• The task: From the entries below, retype only the lines from the one with "An Wien nach Entwurf." through the one with "Wattwyl sich verehelichten, –", exactly as written.

• Records provided:
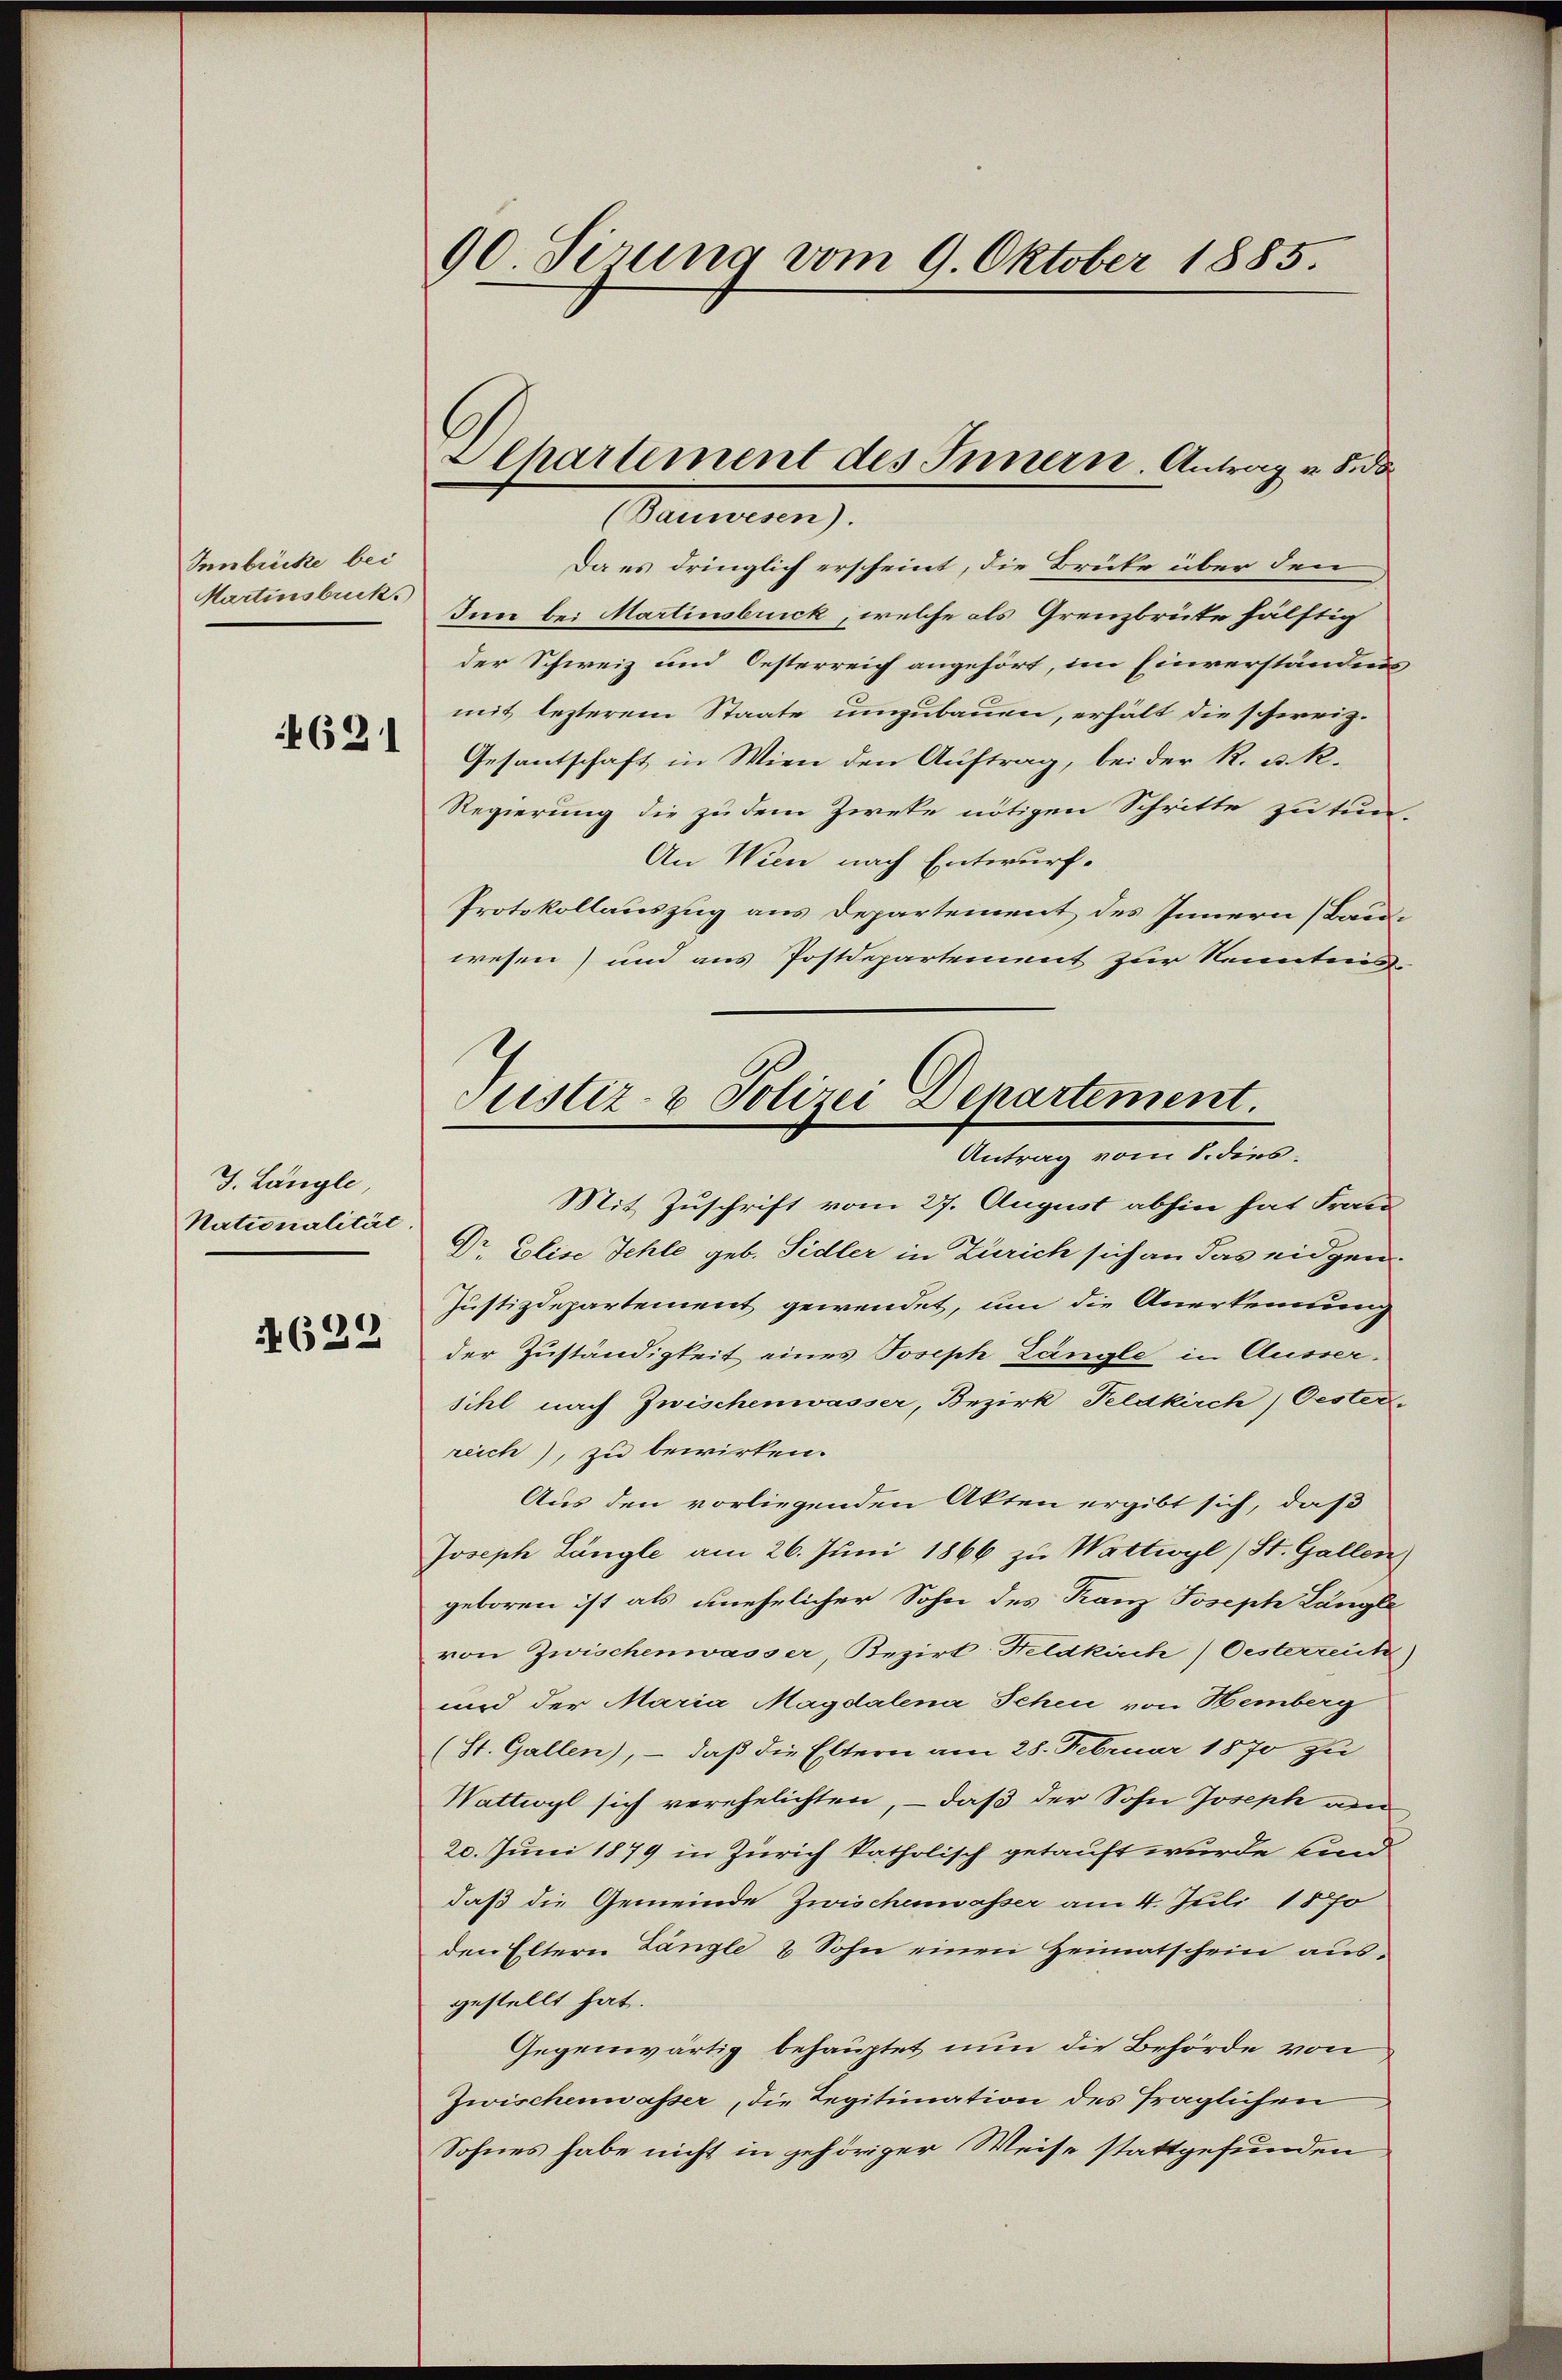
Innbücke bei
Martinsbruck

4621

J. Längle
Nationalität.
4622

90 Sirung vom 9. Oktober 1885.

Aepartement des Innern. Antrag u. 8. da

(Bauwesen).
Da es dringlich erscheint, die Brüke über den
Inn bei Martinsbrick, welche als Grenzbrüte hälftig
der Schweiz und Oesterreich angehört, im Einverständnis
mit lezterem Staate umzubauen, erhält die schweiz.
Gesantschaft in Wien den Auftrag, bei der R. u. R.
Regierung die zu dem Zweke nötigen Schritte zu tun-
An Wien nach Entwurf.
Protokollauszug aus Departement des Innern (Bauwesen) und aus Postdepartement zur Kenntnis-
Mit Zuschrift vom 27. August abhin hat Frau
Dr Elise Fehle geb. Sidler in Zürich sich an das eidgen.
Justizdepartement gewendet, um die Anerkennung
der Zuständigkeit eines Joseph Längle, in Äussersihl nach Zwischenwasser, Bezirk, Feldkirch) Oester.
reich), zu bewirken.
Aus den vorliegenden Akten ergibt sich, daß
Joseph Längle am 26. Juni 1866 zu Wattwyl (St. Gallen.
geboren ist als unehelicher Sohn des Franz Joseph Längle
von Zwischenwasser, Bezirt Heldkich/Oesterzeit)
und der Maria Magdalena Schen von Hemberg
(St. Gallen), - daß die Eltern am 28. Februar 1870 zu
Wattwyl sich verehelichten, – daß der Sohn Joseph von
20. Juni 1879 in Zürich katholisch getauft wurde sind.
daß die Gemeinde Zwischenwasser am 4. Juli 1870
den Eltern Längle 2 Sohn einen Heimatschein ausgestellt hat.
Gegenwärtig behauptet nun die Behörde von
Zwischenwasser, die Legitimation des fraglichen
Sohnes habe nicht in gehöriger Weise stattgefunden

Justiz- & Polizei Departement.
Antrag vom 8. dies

* * *

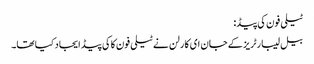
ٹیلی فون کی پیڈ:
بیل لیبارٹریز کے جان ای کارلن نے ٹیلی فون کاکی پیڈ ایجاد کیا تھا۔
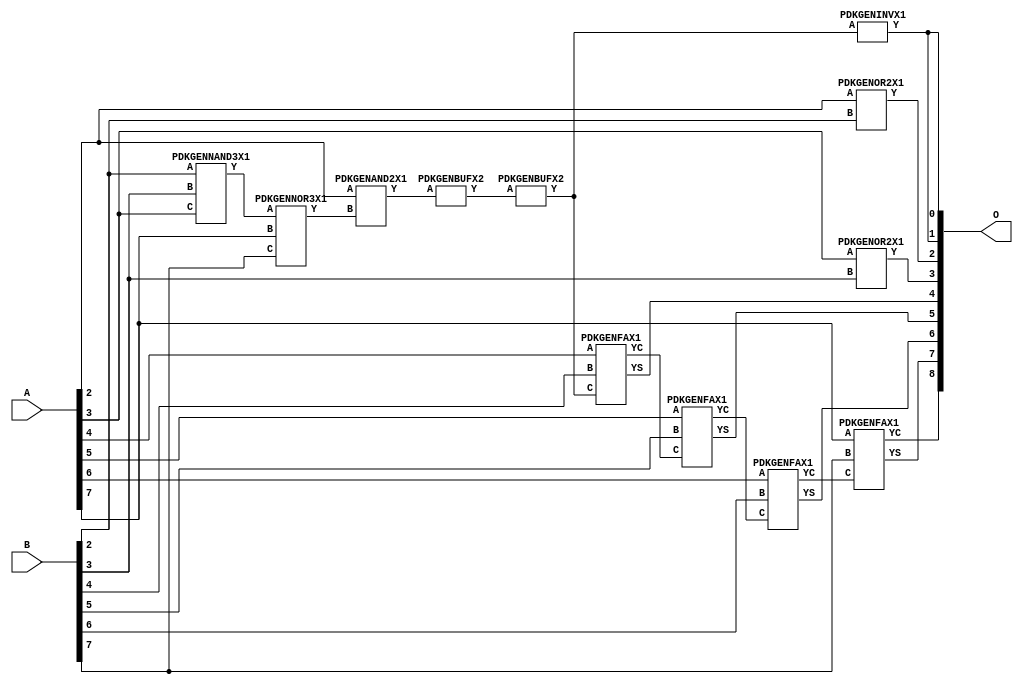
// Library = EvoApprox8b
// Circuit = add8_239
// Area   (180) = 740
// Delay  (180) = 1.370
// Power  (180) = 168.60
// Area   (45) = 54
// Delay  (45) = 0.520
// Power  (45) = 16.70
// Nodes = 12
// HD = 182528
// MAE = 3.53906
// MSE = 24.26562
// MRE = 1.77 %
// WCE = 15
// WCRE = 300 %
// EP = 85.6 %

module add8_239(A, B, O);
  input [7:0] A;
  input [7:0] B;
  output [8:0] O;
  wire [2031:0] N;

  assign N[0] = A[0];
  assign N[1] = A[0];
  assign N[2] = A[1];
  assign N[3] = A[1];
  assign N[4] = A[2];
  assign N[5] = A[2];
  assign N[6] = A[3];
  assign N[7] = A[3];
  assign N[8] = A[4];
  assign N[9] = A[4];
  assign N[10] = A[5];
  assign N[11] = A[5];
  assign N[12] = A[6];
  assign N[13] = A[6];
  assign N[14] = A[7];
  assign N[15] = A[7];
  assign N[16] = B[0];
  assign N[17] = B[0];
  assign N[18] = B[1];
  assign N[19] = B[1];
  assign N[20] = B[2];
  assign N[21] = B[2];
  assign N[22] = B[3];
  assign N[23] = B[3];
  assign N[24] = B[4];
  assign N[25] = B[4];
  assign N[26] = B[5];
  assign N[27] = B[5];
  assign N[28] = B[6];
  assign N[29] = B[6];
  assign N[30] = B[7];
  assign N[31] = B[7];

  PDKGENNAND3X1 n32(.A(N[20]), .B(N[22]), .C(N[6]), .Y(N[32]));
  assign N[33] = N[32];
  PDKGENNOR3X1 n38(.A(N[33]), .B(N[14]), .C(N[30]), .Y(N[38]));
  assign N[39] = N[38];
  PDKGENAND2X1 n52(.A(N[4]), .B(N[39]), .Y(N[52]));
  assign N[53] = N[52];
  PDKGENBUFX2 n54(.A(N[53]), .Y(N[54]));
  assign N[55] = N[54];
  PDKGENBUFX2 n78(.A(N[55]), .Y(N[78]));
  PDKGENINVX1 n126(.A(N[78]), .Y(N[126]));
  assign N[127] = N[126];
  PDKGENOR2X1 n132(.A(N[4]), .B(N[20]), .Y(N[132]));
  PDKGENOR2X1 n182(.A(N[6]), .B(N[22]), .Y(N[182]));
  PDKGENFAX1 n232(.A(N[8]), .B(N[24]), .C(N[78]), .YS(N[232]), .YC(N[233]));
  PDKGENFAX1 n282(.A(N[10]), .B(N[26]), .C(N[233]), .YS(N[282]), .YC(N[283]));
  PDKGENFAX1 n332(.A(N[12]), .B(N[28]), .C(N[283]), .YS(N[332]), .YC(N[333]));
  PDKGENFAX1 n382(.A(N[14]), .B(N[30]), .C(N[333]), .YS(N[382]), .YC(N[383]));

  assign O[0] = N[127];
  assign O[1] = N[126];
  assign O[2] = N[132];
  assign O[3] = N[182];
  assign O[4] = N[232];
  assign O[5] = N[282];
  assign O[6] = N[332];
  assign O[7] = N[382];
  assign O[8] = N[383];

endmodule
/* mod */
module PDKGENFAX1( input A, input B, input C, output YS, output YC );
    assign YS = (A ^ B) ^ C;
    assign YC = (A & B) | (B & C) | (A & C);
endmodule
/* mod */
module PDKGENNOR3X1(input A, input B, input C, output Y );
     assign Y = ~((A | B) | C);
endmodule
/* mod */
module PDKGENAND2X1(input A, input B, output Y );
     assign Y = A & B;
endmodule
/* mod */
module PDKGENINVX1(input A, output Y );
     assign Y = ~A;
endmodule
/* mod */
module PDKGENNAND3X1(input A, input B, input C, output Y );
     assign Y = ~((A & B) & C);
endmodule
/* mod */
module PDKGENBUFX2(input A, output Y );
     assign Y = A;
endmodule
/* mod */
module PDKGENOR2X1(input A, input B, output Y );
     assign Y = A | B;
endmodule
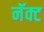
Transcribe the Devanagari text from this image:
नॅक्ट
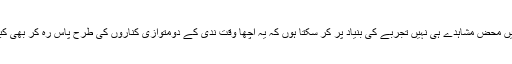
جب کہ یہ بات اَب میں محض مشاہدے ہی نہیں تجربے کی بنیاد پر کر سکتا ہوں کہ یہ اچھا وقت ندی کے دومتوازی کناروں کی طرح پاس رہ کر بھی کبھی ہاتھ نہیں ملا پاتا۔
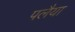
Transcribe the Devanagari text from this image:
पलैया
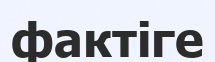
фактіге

--

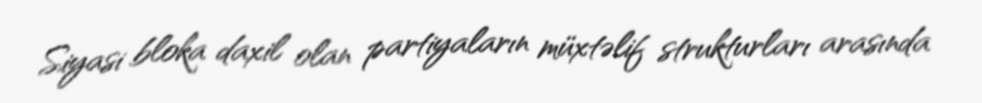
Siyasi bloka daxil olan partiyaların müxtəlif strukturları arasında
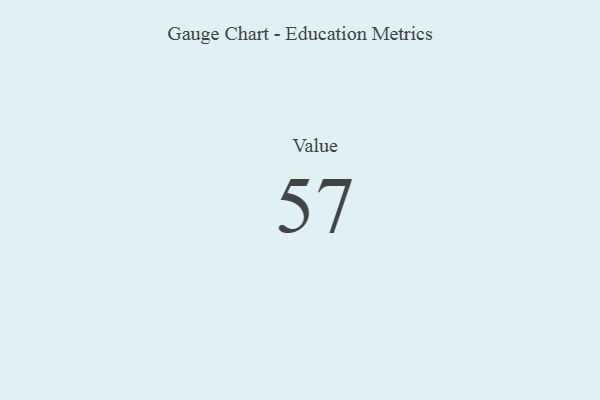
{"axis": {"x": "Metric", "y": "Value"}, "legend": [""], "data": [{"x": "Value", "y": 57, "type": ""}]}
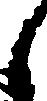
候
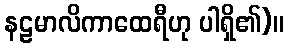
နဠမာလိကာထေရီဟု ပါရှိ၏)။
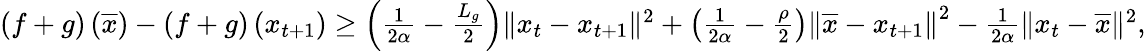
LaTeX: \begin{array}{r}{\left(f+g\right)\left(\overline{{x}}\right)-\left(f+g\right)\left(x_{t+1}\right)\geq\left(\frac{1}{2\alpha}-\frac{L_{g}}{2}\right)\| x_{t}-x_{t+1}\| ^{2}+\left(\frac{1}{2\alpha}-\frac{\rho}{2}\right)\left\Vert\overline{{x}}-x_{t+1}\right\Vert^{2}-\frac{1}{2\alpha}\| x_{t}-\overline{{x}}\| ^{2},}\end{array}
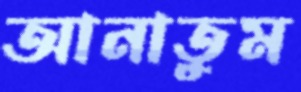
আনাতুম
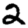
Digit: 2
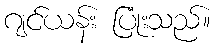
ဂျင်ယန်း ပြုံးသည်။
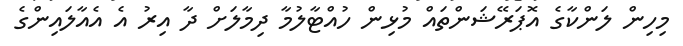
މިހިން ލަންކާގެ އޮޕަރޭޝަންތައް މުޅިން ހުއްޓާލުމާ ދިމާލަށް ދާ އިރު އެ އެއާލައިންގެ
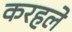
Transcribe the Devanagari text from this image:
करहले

• Solved problem:
An Wien nach Entwurf.
Protokollauszug aus Departement des Innern (Bauwesen) und aus Postdepartement zur Kenntnis-
Mit Zuschrift vom 27. August abhin hat Frau
Dr Elise Fehle geb. Sidler in Zürich sich an das eidgen.
Justizdepartement gewendet, um die Anerkennung
der Zuständigkeit eines Joseph Längle, in Äussersihl nach Zwischenwasser, Bezirk, Feldkirch) Oester.
reich), zu bewirken.
Aus den vorliegenden Akten ergibt sich, daß
Joseph Längle am 26. Juni 1866 zu Wattwyl (St. Gallen.
geboren ist als unehelicher Sohn des Franz Joseph Längle
von Zwischenwasser, Bezirt Heldkich/Oesterzeit)
und der Maria Magdalena Schen von Hemberg
(St. Gallen), - daß die Eltern am 28. Februar 1870 zu
Wattwyl sich verehelichten, – daß der Sohn Joseph von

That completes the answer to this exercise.